__PROMPT__.
From the listing below, pick out each line with the word "version".

__RECORD EXCERPTS__.
::::::::::

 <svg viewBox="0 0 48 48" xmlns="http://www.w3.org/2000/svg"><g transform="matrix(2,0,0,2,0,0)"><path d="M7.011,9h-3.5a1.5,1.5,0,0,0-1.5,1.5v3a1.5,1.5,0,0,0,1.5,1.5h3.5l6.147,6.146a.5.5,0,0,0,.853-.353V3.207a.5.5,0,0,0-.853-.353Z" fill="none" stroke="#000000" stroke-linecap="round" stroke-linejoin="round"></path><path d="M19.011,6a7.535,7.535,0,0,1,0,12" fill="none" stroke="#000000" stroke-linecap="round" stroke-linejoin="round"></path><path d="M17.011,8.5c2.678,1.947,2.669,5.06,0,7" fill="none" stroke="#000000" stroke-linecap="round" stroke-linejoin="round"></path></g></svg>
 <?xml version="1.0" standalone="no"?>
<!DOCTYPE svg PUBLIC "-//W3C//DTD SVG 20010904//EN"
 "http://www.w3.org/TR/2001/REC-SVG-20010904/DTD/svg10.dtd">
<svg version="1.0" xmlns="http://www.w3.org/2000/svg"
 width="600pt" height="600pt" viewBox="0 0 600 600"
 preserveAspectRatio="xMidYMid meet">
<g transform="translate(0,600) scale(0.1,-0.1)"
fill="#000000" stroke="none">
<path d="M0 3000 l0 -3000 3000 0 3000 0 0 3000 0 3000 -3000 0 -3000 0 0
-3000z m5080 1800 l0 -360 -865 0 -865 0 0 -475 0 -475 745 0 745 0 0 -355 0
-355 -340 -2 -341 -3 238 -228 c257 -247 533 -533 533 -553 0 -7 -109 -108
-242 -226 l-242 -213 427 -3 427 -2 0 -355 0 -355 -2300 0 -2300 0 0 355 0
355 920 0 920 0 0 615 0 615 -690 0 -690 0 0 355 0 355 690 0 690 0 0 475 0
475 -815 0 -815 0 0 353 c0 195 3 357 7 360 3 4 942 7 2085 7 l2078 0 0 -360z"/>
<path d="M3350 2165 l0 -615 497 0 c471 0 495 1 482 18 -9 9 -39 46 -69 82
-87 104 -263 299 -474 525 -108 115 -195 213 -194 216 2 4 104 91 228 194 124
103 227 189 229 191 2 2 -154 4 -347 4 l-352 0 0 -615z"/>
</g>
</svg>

::::::::::

__RESULT OF THE EXERCISE__.
 <?xml version="1.0" standalone="no"?>
<svg version="1.0" xmlns="http://www.w3.org/2000/svg"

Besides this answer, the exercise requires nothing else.